ドイツでライン(川)・ネッカー(川)三角地帯と言われる狭い合流地域に、マンハイム楽派で有名なマンハイムと、二つの都市があります。ここに二つの劇場と三つの管弦楽団、一つの室内管弦楽団があります。この内の二つはマンハイムに(マンハイム州立劇場管弦楽団とクアプファルツ室内管弦楽団)あります。モーツァルトも吃驚する程うまい宮廷管弦楽団のあったマンハイムですが、カールテオドール選帝侯がハイデルベルクから移り、栄えた町です。現在も関係は残っていて、高名なオーボエのリーバーマン氏が教鞭をとる音楽学校の名前はハイデルベルク=マンハイム音楽大学。マンハイムにはフルトヴェングラーもいた事のある(墓はハイデルベルクにあります)、1779年創立の州立劇場があり、客席数も1133と大きいものです。ワグナーの演奏には定評があり、バイロイトに行く楽員も多いのですが、反面出来不出来の波も大きいとか。
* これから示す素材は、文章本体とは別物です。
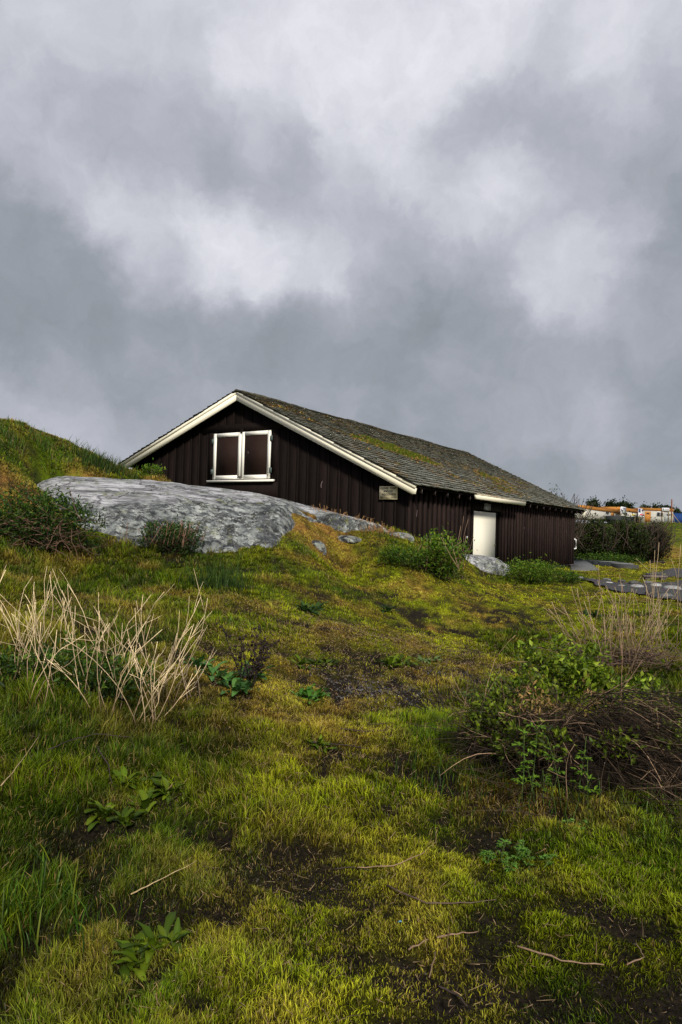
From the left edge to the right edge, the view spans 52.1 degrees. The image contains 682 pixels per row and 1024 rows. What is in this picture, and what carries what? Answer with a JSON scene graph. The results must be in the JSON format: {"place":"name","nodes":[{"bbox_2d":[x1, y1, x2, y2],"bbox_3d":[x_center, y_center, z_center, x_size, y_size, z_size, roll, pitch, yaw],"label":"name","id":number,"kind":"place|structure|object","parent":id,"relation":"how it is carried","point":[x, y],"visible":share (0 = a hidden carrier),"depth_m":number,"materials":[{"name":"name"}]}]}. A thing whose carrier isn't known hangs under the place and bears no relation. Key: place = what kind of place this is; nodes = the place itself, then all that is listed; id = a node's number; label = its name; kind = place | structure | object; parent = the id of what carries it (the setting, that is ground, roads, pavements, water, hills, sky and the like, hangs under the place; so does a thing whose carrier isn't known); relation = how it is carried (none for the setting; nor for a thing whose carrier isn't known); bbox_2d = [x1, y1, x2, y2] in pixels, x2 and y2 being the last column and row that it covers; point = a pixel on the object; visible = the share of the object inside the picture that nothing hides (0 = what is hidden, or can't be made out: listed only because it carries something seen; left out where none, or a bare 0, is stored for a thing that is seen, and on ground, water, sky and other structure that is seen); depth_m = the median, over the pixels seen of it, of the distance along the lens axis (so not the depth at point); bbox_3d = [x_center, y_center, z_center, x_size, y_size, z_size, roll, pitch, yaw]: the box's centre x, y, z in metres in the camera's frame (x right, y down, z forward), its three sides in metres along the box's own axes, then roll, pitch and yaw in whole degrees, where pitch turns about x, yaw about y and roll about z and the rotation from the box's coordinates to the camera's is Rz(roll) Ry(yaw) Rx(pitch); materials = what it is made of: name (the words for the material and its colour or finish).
{"place":"outdoors","nodes":[
{"label":"outdoors","id":0,"kind":"place"},
{"bbox_2d":[0,418,681,1023],"bbox_3d":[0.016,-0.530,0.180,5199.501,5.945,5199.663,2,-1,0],"label":"ground","id":1,"kind":"structure","parent":0,"point":[438,1004],"depth_m":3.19,"materials":[{"name":"plant"}]},
{"bbox_2d":[0,736,38,785],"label":"stick","id":2,"kind":"object","parent":1,"relation":"on","point":[16,766],"visible":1,"depth_m":3.34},
{"bbox_2d":[0,421,46,474],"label":"grass tuft","id":3,"kind":"object","parent":1,"relation":"on","point":[12,436],"visible":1,"depth_m":15.07,"materials":[{"name":"plant"}]},
{"bbox_2d":[0,480,107,554],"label":"leafy bush","id":4,"kind":"object","parent":1,"relation":"on","point":[30,515],"visible":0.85,"depth_m":10.24,"materials":[{"name":"green plant"}]},
{"bbox_2d":[6,416,104,475],"bbox_3d":[-6.682,-1.459,16.059,2.593,1.665,1.658,2,-1,0],"label":"grass tuft","id":5,"kind":"object","parent":1,"relation":"on","point":[34,432],"visible":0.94,"depth_m":15.97,"materials":[{"name":"plant"}]},
{"bbox_2d":[0,484,113,559],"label":"dead twig tangle","id":6,"kind":"object","parent":1,"relation":"on","point":[56,534],"visible":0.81,"depth_m":10.11,"materials":[{"name":"plant"}]},
{"bbox_2d":[0,843,142,966],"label":"grass tuft","id":7,"kind":"object","parent":1,"relation":"on","point":[76,921],"visible":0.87,"depth_m":2.54,"materials":[{"name":"plant"}]},
{"bbox_2d":[48,733,126,749],"bbox_3d":[-1.353,1.203,3.684,0.154,0.046,0.481,1,-2,39],"label":"stick","id":8,"kind":"object","parent":1,"relation":"on","point":[81,737],"visible":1,"depth_m":3.73,"materials":[{"name":"wood"}]},
{"bbox_2d":[40,430,157,478],"bbox_3d":[-5.595,-1.244,16.511,2.580,1.193,1.617,2,-1,0],"label":"grass tuft","id":9,"kind":"object","parent":1,"relation":"on","point":[102,463],"visible":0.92,"depth_m":16.38,"materials":[{"name":"plant"}]},
{"bbox_2d":[0,566,208,726],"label":"dry stalk plant","id":10,"kind":"object","parent":1,"relation":"on","point":[109,670],"visible":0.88,"depth_m":4.59,"materials":[{"name":"beige plant"}]},
{"bbox_2d":[97,746,112,782],"bbox_3d":[-1.188,1.274,3.538,0.029,0.066,0.394,2,-2,-30],"label":"stick","id":11,"kind":"object","parent":1,"relation":"on","point":[105,761],"visible":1,"depth_m":3.57,"materials":[{"name":"wood"}]},
{"bbox_2d":[84,787,157,830],"bbox_3d":[-1.039,1.379,3.283,0.312,0.102,0.379,2,-1,0],"label":"leaf rosette","id":12,"kind":"object","parent":1,"relation":"on","point":[145,796],"visible":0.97,"depth_m":3.22,"materials":[{"name":"green plant"}]},
{"bbox_2d":[112,766,185,803],"bbox_3d":[-0.977,1.369,3.523,0.316,0.111,0.346,2,-2,-27],"label":"leaf rosette","id":13,"kind":"object","parent":1,"relation":"on","point":[124,771],"visible":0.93,"depth_m":3.52,"materials":[{"name":"green plant"}]},
{"bbox_2d":[111,910,190,982],"bbox_3d":[-0.653,1.509,2.450,0.304,0.123,0.241,3,-2,-34],"label":"leaf rosette","id":14,"kind":"object","parent":1,"relation":"on","point":[176,934],"visible":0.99,"depth_m":2.43,"materials":[{"name":"green plant"}]},
{"bbox_2d":[136,458,166,477],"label":"leafy bush","id":15,"kind":"object","parent":1,"relation":"on","point":[154,469],"visible":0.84,"depth_m":17.59,"materials":[{"name":"green plant"}]},
{"bbox_2d":[131,860,196,894],"bbox_3d":[-0.697,1.456,2.777,0.291,0.044,0.021,3,-2,-43],"label":"stick","id":16,"kind":"object","parent":1,"relation":"on","point":[157,880],"visible":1,"depth_m":2.73,"materials":[{"name":"wood"}]},
{"bbox_2d":[125,514,206,556],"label":"leafy bush","id":17,"kind":"object","parent":1,"relation":"on","point":[167,532],"visible":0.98,"depth_m":11.19,"materials":[{"name":"green plant"}]},
{"bbox_2d":[118,634,216,699],"bbox_3d":[-1.190,1.120,5.032,0.790,0.518,0.339,3,-2,-35],"label":"dry stalk plant","id":18,"kind":"object","parent":1,"relation":"on","point":[183,678],"visible":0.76,"depth_m":4.99,"materials":[{"name":"plant"}]},
{"bbox_2d":[37,476,388,553],"bbox_3d":[-3.390,0.674,15.199,7.278,2.766,7.588,1,-2,32],"label":"rock outcrop","id":19,"kind":"object","parent":1,"relation":"on","point":[234,520],"visible":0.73,"depth_m":13.21,"materials":[{"name":"stone"}]},
{"bbox_2d":[170,555,274,599],"bbox_3d":[-1.537,0.843,9.275,1.510,0.608,0.908,2,-1,0],"label":"grass tuft","id":20,"kind":"object","parent":1,"relation":"on","point":[222,579],"visible":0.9,"depth_m":9.20,"materials":[{"name":"plant"}]},
{"bbox_2d":[183,654,274,695],"bbox_3d":[-0.897,1.274,5.597,0.628,0.235,0.845,3,-2,-44],"label":"leaf rosette","id":21,"kind":"object","parent":1,"relation":"on","point":[237,686],"visible":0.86,"depth_m":5.51,"materials":[{"name":"green plant"}]},
{"bbox_2d":[215,622,279,687],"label":"seed head plant","id":22,"kind":"object","parent":1,"relation":"on","point":[256,666],"visible":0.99,"depth_m":5.51,"materials":[{"name":"plant"}]},
{"bbox_2d":[286,683,330,703],"bbox_3d":[-0.236,1.470,5.646,0.393,0.147,0.324,2,-2,-27],"label":"leaf rosette","id":23,"kind":"object","parent":1,"relation":"on","point":[308,691],"visible":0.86,"depth_m":5.65,"materials":[{"name":"green plant"}]},
{"bbox_2d":[295,600,328,613],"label":"leaf rosette","id":24,"kind":"object","parent":1,"relation":"on","point":[305,608],"visible":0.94,"depth_m":8.88,"materials":[{"name":"green plant"}]},
{"bbox_2d":[287,651,342,669],"bbox_3d":[-0.253,1.416,6.662,0.318,0.179,0.720,1,-2,33],"label":"leaf rosette","id":25,"kind":"object","parent":1,"relation":"on","point":[303,661],"visible":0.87,"depth_m":6.66,"materials":[{"name":"green plant"}]},
{"bbox_2d":[312,540,325,554],"bbox_3d":[-0.474,0.747,13.609,0.382,0.390,0.336,2,-1,0],"label":"rock","id":26,"kind":"object","parent":1,"relation":"on","point":[320,546],"visible":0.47,"depth_m":13.49,"materials":[{"name":"stone"}]},
{"bbox_2d":[303,734,340,752],"bbox_3d":[-0.127,1.518,4.568,0.220,0.118,0.158,1,-2,37],"label":"leaf rosette","id":27,"kind":"object","parent":1,"relation":"on","point":[321,742],"visible":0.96,"depth_m":4.56,"materials":[{"name":"green plant"}]},
{"bbox_2d":[313,741,368,748],"bbox_3d":[-0.005,1.536,4.631,0.384,0.061,0.075,2,-1,-12],"label":"stick","id":28,"kind":"object","parent":1,"relation":"on","point":[341,744],"visible":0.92,"depth_m":4.65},
{"bbox_2d":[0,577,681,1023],"bbox_3d":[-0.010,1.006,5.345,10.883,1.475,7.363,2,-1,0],"label":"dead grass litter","id":29,"kind":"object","parent":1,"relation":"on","point":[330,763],"visible":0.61,"depth_m":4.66,"materials":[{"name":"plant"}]},
{"bbox_2d":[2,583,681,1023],"bbox_3d":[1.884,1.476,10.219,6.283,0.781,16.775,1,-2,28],"label":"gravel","id":30,"kind":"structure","parent":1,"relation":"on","point":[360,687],"depth_m":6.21,"materials":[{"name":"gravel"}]},
{"bbox_2d":[338,535,361,543],"bbox_3d":[0.131,0.606,15.079,0.665,0.196,0.575,2,-1,0],"label":"rock","id":31,"kind":"object","parent":1,"relation":"on","point":[349,539],"visible":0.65,"depth_m":14.83,"materials":[{"name":"stone"}]},
{"bbox_2d":[334,867,367,869],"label":"stick","id":32,"kind":"object","parent":1,"relation":"on","point":[346,867],"visible":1,"depth_m":2.99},
{"bbox_2d":[311,505,391,533],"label":"rusty weeds","id":33,"kind":"object","parent":1,"relation":"on","point":[357,519],"visible":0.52,"depth_m":15.81,"materials":[{"name":"plant"}]},
{"bbox_2d":[120,389,586,567],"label":"house","id":34,"kind":"structure","parent":1,"relation":"on","point":[240,440],"depth_m":19.66,"materials":[{"name":"brown wood"}]},
{"bbox_2d":[379,486,397,498],"bbox_3d":[1.149,-0.464,16.880,0.495,0.319,0.034,1,-2,33],"label":"name board","id":35,"kind":"object","parent":34,"relation":"attached to","point":[388,492],"visible":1,"depth_m":16.86,"materials":[{"name":"beige paint"}]},
{"bbox_2d":[473,511,495,557],"bbox_3d":[4.244,1.013,20.716,0.090,2.028,1.802,1,-2,33],"label":"door","id":36,"kind":"structure","parent":34,"relation":"in","point":[484,522],"depth_m":20.73,"materials":[{"name":"beige paint"}]},
{"bbox_2d":[484,503,490,510],"bbox_3d":[4.354,-0.149,20.747,0.030,0.190,0.480,1,-2,33],"label":"door plaque","id":37,"kind":"object","parent":34,"relation":"attached to","point":[487,506],"depth_m":20.72,"materials":[{"name":"metal"}]},
{"bbox_2d":[341,728,399,731],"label":"stick","id":38,"kind":"object","parent":1,"relation":"on","point":[364,731],"visible":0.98,"depth_m":4.95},
{"bbox_2d":[360,518,408,536],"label":"rusty weeds","id":39,"kind":"object","parent":1,"relation":"on","point":[380,531],"visible":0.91,"depth_m":15.65,"materials":[{"name":"plant"}]},
{"bbox_2d":[380,604,398,612],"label":"leaf rosette","id":40,"kind":"object","parent":1,"relation":"on","point":[388,609],"visible":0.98,"depth_m":10.27,"materials":[{"name":"green plant"}]},
{"bbox_2d":[375,653,417,668],"bbox_3d":[0.548,1.511,7.096,0.471,0.154,0.273,2,-2,-28],"label":"leaf rosette","id":41,"kind":"object","parent":1,"relation":"on","point":[391,661],"visible":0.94,"depth_m":7.08,"materials":[{"name":"green plant"}]},
{"bbox_2d":[357,829,436,867],"bbox_3d":[0.314,1.526,3.136,0.136,0.040,0.577,0,-2,44],"label":"stick","id":42,"kind":"object","parent":1,"relation":"on","point":[395,864],"visible":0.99,"depth_m":2.97,"materials":[{"name":"wood"}]},
{"bbox_2d":[386,532,413,541],"bbox_3d":[1.230,0.616,15.942,0.886,0.326,0.669,2,-1,0],"label":"rock","id":43,"kind":"object","parent":1,"relation":"on","point":[403,535],"visible":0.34,"depth_m":15.72,"materials":[{"name":"stone"}]},
{"bbox_2d":[377,536,428,569],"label":"leafy bush","id":44,"kind":"object","parent":1,"relation":"on","point":[398,556],"visible":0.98,"depth_m":13.32,"materials":[{"name":"green plant"}]},
{"bbox_2d":[408,939,428,950],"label":"stick","id":45,"kind":"object","parent":1,"relation":"on","point":[412,946],"visible":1,"depth_m":2.44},
{"bbox_2d":[395,676,444,713],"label":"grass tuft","id":46,"kind":"object","parent":1,"relation":"on","point":[420,703],"visible":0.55,"depth_m":5.75,"materials":[{"name":"plant"}]},
{"bbox_2d":[414,655,442,663],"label":"leaf rosette","id":47,"kind":"object","parent":1,"relation":"on","point":[425,659],"visible":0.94,"depth_m":7.50,"materials":[{"name":"green plant"}]},
{"bbox_2d":[429,951,435,977],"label":"stick","id":48,"kind":"object","parent":1,"relation":"on","point":[432,962],"visible":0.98,"depth_m":2.36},
{"bbox_2d":[387,884,495,903],"bbox_3d":[0.406,1.531,2.759,0.442,0.052,0.158,2,-1,0],"label":"stick","id":49,"kind":"object","parent":1,"relation":"on","point":[403,893],"visible":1,"depth_m":2.74,"materials":[{"name":"wood"}]},
{"bbox_2d":[407,522,477,582],"bbox_3d":[2.016,0.863,13.637,1.316,1.367,1.315,3,-2,-30],"label":"leafy bush","id":50,"kind":"object","parent":1,"relation":"on","point":[440,565],"visible":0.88,"depth_m":13.53,"materials":[{"name":"green plant"}]},
{"bbox_2d":[438,985,467,1005],"bbox_3d":[0.357,1.527,2.207,0.019,0.013,0.117,3,-2,-43],"label":"stick","id":51,"kind":"object","parent":1,"relation":"on","point":[449,991],"visible":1,"depth_m":2.22,"materials":[{"name":"wood"}]},
{"bbox_2d":[436,931,478,937],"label":"stick","id":52,"kind":"object","parent":1,"relation":"on","point":[440,936],"visible":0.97,"depth_m":2.52,"materials":[{"name":"wood"}]},
{"bbox_2d":[454,516,469,578],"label":"dry stalk plant","id":53,"kind":"object","parent":1,"relation":"on","point":[463,549],"visible":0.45,"depth_m":14.50,"materials":[{"name":"plant"}]},
{"bbox_2d":[460,681,499,704],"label":"palmate plant","id":54,"kind":"object","parent":1,"relation":"on","point":[473,697],"visible":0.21,"depth_m":5.97,"materials":[{"name":"green plant"}]},
{"bbox_2d":[394,747,578,798],"bbox_3d":[0.958,1.547,4.243,1.278,0.219,0.719,2,-1,-14],"label":"grass tuft","id":55,"kind":"object","parent":1,"relation":"on","point":[472,772],"visible":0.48,"depth_m":4.17,"materials":[{"name":"plant"}]},
{"bbox_2d":[465,554,509,575],"bbox_3d":[3.906,1.600,19.595,1.188,0.818,3.090,0,-2,41],"label":"rock","id":56,"kind":"object","parent":1,"relation":"on","point":[491,565],"visible":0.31,"depth_m":19.11,"materials":[{"name":"stone"}]},
{"bbox_2d":[480,838,557,873],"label":"palmate plant","id":57,"kind":"object","parent":1,"relation":"on","point":[525,851],"visible":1,"depth_m":3.10,"materials":[{"name":"green plant"}]},
{"bbox_2d":[376,751,681,841],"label":"grass tuft","id":58,"kind":"object","parent":1,"relation":"on","point":[528,795],"visible":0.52,"depth_m":3.77,"materials":[{"name":"plant"}]},
{"bbox_2d":[511,722,546,807],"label":"palmate plant","id":59,"kind":"object","parent":1,"relation":"on","point":[526,761],"visible":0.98,"depth_m":3.83,"materials":[{"name":"green plant"}]},
{"bbox_2d":[498,552,574,584],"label":"leafy bush","id":60,"kind":"object","parent":1,"relation":"on","point":[542,571],"visible":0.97,"depth_m":18.46,"materials":[{"name":"green plant"}]},
{"bbox_2d":[393,633,681,843],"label":"collapsed shrub","id":61,"kind":"object","parent":1,"relation":"on","point":[641,748],"visible":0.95,"depth_m":4.12,"materials":[{"name":"green plant"}]},
{"bbox_2d":[532,767,564,807],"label":"palmate plant","id":62,"kind":"object","parent":1,"relation":"on","point":[547,779],"visible":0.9,"depth_m":3.82,"materials":[{"name":"green plant"}]},
{"bbox_2d":[517,945,603,964],"bbox_3d":[0.762,1.549,2.425,0.292,0.021,0.036,1,-1,14],"label":"stick","id":63,"kind":"object","parent":1,"relation":"on","point":[534,951],"visible":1,"depth_m":2.42,"materials":[{"name":"wood"}]},
{"bbox_2d":[446,564,681,673],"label":"dry stalk plant","id":64,"kind":"object","parent":1,"relation":"on","point":[647,658],"visible":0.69,"depth_m":7.72,"materials":[{"name":"plant"}]},
{"bbox_2d":[539,732,601,807],"bbox_3d":[1.245,1.409,3.799,0.361,0.420,0.147,2,-1,0],"label":"palmate plant","id":65,"kind":"object","parent":1,"relation":"on","point":[580,773],"visible":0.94,"depth_m":3.79,"materials":[{"name":"green plant"}]},
{"bbox_2d":[555,568,586,583],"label":"leafy bush","id":66,"kind":"object","parent":1,"relation":"on","point":[572,580],"visible":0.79,"depth_m":18.71,"materials":[{"name":"green plant"}]},
{"bbox_2d":[561,818,587,831],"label":"palmate plant","id":67,"kind":"object","parent":1,"relation":"on","point":[569,820],"visible":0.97,"depth_m":3.42,"materials":[{"name":"green plant"}]},
{"bbox_2d":[549,483,611,556],"bbox_3d":[10.563,0.774,35.688,5.841,4.568,3.820,2,-1,0],"label":"hedge bush","id":68,"kind":"object","parent":1,"relation":"on","point":[578,527],"visible":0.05,"depth_m":35.40,"materials":[{"name":"green plant"}]},
{"bbox_2d":[571,560,597,570],"bbox_3d":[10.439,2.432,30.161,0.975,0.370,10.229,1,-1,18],"label":"rock","id":69,"kind":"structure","parent":1,"relation":"on","point":[585,565],"depth_m":27.77,"materials":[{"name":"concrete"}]},
{"bbox_2d":[571,609,602,617],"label":"leaf rosette","id":70,"kind":"object","parent":1,"relation":"on","point":[585,611],"visible":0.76,"depth_m":11.86,"materials":[{"name":"green plant"}]},
{"bbox_2d":[583,495,604,507],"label":"distant tree","id":71,"kind":"object","parent":1,"relation":"on","point":[593,501],"visible":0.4,"depth_m":174.36,"materials":[{"name":"green plant"}]},
{"bbox_2d":[575,505,619,521],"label":"site cabin","id":72,"kind":"object","parent":1,"relation":"on","point":[602,512],"visible":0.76,"depth_m":107.16,"materials":[{"name":"metal"}]},
{"bbox_2d":[574,513,625,560],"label":"hedge bush","id":73,"kind":"object","parent":1,"relation":"on","point":[599,540],"visible":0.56,"depth_m":36.32,"materials":[{"name":"green plant"}]},
{"bbox_2d":[574,556,638,568],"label":"stone kerb","id":74,"kind":"structure","parent":1,"relation":"on","point":[616,564],"depth_m":28.19,"materials":[{"name":"stone"}]},
{"bbox_2d":[604,498,618,522],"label":"distant tree","id":75,"kind":"object","parent":1,"relation":"on","point":[610,503],"visible":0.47,"depth_m":174.51,"materials":[{"name":"green plant"}]},
{"bbox_2d":[576,548,650,564],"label":"leafy bush","id":76,"kind":"object","parent":1,"relation":"on","point":[599,558],"visible":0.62,"depth_m":34.91,"materials":[{"name":"green plant"}]},
{"bbox_2d":[600,507,636,521],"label":"site cabin","id":77,"kind":"object","parent":1,"relation":"on","point":[634,511],"visible":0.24,"depth_m":121.88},
{"bbox_2d":[605,516,634,521],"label":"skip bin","id":78,"kind":"object","parent":1,"relation":"on","point":[616,518],"visible":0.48,"depth_m":107.13,"materials":[{"name":"metal"}]},
{"bbox_2d":[614,499,627,506],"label":"distant tree","id":79,"kind":"object","parent":1,"relation":"on","point":[622,503],"visible":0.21,"depth_m":173.80,"materials":[{"name":"green plant"}]},
{"bbox_2d":[620,507,625,514],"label":"site sign","id":80,"kind":"object","parent":1,"relation":"on","point":[622,508],"visible":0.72,"depth_m":115.17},
{"bbox_2d":[622,495,634,508],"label":"distant tree","id":81,"kind":"object","parent":1,"relation":"on","point":[630,505],"visible":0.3,"depth_m":174.14,"materials":[{"name":"green plant"}]},
{"bbox_2d":[581,577,681,600],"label":"gravel lot","id":82,"kind":"structure","parent":1,"relation":"on","point":[627,587],"depth_m":17.08,"materials":[{"name":"gravel"}]},
{"bbox_2d":[630,584,643,586],"bbox_3d":[7.339,1.869,17.317,0.343,0.151,0.224,1,-2,23],"label":"stone","id":83,"kind":"object","parent":82,"relation":"on","point":[637,585],"visible":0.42,"depth_m":17.24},
{"bbox_2d":[645,589,662,593],"bbox_3d":[7.131,1.829,15.888,0.389,0.159,0.282,2,-1,0],"label":"stone","id":84,"kind":"object","parent":82,"relation":"on","point":[650,590],"visible":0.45,"depth_m":15.79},
{"bbox_2d":[642,575,667,579],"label":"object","id":85,"kind":"structure","parent":82,"relation":"on","point":[660,577],"depth_m":20.60,"materials":[{"name":"brown wood"}]},
{"bbox_2d":[659,593,673,598],"bbox_3d":[7.023,1.825,15.045,0.318,0.138,0.208,2,-1,0],"label":"stone","id":86,"kind":"object","parent":82,"relation":"on","point":[665,595],"visible":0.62,"depth_m":14.99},
{"bbox_2d":[663,585,681,589],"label":"stone","id":87,"kind":"object","parent":82,"relation":"on","point":[670,587],"visible":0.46,"depth_m":16.87,"materials":[{"name":"stone"}]},
{"bbox_2d":[626,943,644,964],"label":"stick","id":88,"kind":"object","parent":1,"relation":"on","point":[635,960],"visible":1,"depth_m":2.41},
{"bbox_2d":[605,506,669,561],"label":"hedge bush","id":89,"kind":"object","parent":1,"relation":"on","point":[635,544],"visible":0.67,"depth_m":38.32,"materials":[{"name":"green plant"}]},
{"bbox_2d":[638,508,642,518],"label":"site sign","id":90,"kind":"object","parent":1,"relation":"on","point":[640,511],"visible":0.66,"depth_m":124.35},
{"bbox_2d":[639,501,650,507],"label":"distant tree","id":91,"kind":"object","parent":1,"relation":"on","point":[643,506],"visible":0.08,"depth_m":175.30,"materials":[{"name":"green plant"}]},
{"bbox_2d":[632,508,673,522],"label":"site cabin","id":92,"kind":"object","parent":1,"relation":"on","point":[651,514],"visible":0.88,"depth_m":126.49,"materials":[{"name":"metal"}]},
{"bbox_2d":[645,511,650,521],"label":"door","id":93,"kind":"structure","parent":92,"relation":"in","point":[647,513],"depth_m":126.17,"materials":[{"name":"wood"}]},
{"bbox_2d":[656,512,663,516],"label":"window","id":94,"kind":"structure","parent":92,"relation":"in","point":[659,514],"depth_m":126.54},
{"bbox_2d":[664,513,670,521],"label":"door","id":95,"kind":"structure","parent":92,"relation":"in","point":[665,514],"depth_m":126.78,"materials":[{"name":"white"}]},
{"bbox_2d":[633,517,679,561],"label":"hedge bush","id":96,"kind":"object","parent":1,"relation":"on","point":[660,536],"visible":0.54,"depth_m":39.58,"materials":[{"name":"green plant"}]},
{"bbox_2d":[632,545,681,649],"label":"dry stalk plant","id":97,"kind":"object","parent":1,"relation":"on","point":[652,603],"visible":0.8,"depth_m":8.89,"materials":[{"name":"plant"}]},
{"bbox_2d":[650,502,664,507],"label":"distant tree","id":98,"kind":"object","parent":1,"relation":"on","point":[655,506],"visible":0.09,"depth_m":174.78,"materials":[{"name":"green plant"}]},
{"bbox_2d":[644,568,681,576],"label":"gravel lot","id":99,"kind":"structure","parent":1,"relation":"on","point":[670,572],"depth_m":24.06,"materials":[{"name":"gravel"}]},
{"bbox_2d":[662,508,669,522],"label":"site sign","id":100,"kind":"object","parent":1,"relation":"on","point":[665,509],"visible":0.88,"depth_m":126.55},
{"bbox_2d":[660,504,676,512],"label":"distant tree","id":101,"kind":"object","parent":1,"relation":"on","point":[665,506],"visible":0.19,"depth_m":174.37,"materials":[{"name":"green plant"}]},
{"bbox_2d":[670,499,680,523],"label":"timber post","id":102,"kind":"object","parent":1,"relation":"on","point":[672,514],"visible":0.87,"depth_m":107.96,"materials":[{"name":"brown wood"}]},
{"bbox_2d":[673,513,681,522],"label":"shipping container","id":103,"kind":"object","parent":1,"relation":"on","point":[678,516],"visible":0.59,"depth_m":135.49,"materials":[{"name":"metal"}]},
{"bbox_2d":[673,506,681,512],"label":"distant tree","id":104,"kind":"object","parent":1,"relation":"on","point":[677,510],"visible":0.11,"depth_m":174.20,"materials":[{"name":"green plant"}]},
{"bbox_2d":[0,0,681,522],"label":"sky","id":105,"kind":"structure","parent":0,"point":[455,224],"materials":[{"name":"grey"}]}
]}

もう一つは有名なBASF(化学企業)のあるルートヴィヒスハーフェンを本拠にするラインラント・プファルツ州立管弦楽団で、ここには劇場がありません。日本のオーケストラと同様の活動をします。劇場は無くても日本の様にホールでのオペラもあるそうです。(2002年現在、ハイデルベルク交響楽団もあります。これは古楽器を使ったオーケストラで、CDも出しています)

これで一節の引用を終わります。